Airborne in situ and remote meteorological measurements from around Cape Mendocino, California, sampled during the Coastal Waves 1996 field program are analyzed for three different days: 7, 12, and 26 June 1996. Two days conformed to typical summertime conditions, with a strong northerly downcoast flow, while the wind on the third day was weaker. On the first 2 days, the flow was supercritical in the sense that the Froude number was larger than unity and these 2 days feature expansion fans in the lee of the cape. On the third day, no such phenomenon was observed. All 3 days had a strong thermal wind caused by the marine inversion sloping down toward the coast. On the first 2 days, the flow aloft was westerly or northerly, so that the thermal wind added to the background flow results in a strong jet. On the third day the flow aloft was southerly, and consequently even with the added thermal wind, the northerly flow in the marine layer was too weak to be supercritical.
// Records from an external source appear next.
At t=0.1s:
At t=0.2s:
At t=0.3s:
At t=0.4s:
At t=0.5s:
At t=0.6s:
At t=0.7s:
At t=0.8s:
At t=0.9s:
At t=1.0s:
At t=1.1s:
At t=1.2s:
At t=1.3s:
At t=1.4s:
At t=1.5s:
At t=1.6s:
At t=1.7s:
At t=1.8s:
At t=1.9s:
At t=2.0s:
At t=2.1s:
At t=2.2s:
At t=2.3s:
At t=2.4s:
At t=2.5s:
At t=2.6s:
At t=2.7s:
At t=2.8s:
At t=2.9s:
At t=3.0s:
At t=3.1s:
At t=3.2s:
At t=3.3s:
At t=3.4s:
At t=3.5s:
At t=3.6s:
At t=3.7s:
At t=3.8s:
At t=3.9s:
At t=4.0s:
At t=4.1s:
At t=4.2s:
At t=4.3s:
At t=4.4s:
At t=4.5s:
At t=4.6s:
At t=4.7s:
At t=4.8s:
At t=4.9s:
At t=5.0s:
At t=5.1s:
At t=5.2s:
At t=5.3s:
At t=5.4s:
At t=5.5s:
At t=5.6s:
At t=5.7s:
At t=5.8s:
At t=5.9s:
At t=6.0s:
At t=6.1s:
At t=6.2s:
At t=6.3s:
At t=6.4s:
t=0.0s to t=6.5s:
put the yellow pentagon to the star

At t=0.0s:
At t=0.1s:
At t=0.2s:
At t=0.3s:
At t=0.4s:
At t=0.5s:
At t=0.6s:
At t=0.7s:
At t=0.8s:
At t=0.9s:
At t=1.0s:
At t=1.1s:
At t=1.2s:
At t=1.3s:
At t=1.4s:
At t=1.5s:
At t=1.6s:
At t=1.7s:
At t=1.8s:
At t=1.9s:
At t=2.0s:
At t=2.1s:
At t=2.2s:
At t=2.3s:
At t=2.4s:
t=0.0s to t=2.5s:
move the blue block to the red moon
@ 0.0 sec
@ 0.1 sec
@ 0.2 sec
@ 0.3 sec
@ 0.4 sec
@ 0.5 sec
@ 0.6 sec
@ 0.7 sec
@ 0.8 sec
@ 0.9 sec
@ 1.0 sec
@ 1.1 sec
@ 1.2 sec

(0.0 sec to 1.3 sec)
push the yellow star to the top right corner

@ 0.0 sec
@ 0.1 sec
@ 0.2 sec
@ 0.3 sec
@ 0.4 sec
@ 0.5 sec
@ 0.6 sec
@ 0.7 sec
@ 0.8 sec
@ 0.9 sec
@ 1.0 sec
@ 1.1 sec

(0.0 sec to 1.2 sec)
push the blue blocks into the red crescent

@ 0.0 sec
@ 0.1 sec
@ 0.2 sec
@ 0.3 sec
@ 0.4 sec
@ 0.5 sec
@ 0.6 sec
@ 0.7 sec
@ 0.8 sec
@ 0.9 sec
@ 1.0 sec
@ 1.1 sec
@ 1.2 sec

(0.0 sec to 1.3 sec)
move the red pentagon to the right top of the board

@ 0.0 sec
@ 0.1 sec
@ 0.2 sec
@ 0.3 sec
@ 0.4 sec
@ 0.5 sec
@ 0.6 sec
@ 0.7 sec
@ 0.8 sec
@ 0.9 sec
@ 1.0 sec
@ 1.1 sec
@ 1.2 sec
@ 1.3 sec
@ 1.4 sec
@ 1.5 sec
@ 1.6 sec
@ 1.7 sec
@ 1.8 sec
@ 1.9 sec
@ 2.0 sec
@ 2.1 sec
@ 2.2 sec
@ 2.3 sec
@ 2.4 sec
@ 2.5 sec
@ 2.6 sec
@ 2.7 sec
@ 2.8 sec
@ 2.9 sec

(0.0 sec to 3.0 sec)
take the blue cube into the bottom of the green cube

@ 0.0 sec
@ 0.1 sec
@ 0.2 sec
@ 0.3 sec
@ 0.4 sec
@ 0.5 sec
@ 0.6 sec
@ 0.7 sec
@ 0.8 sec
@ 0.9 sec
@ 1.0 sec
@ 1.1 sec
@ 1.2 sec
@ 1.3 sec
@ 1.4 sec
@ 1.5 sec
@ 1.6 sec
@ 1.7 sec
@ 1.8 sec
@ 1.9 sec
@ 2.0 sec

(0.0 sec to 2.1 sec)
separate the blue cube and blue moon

The main difference between the first 2 days was the fact that 7 June is cloud free, while 12 June had a stratocumulus cover.

The 3 days are analyzed as composites, and several scales are identified and described: 1) the large-scale synoptic forcing, determined from the wind aloft and synoptic conditions; 2) blocking by the coastal topography, the thermal wind balance in the near-coast zone, and nondimensional properties; 3) the hydraulic properties in the sub- and supercritical flows as they pass the change in coastline orientation at Cape Mendocino; 4) the impact of the local blocking by the terrain at the cape itself, generating a lee-wave phenomena for the high-wind days, which was the actual cause of the collapse of the marine layer in the lee of the cape; 5) the boundary layer interaction, apparently generating SST anomalies, but with little or no feedback to the wind field.

A momentum budget analysis for the two high-wind days show a significant difference between one day (7 June) when mesoscale perturbation dominated the flow and the other day (12 June), when large-scale forcing dominated and the mesoscale perturbation was smaller. The importance of the cloud layer on 12 June is illustrated, using lidar data.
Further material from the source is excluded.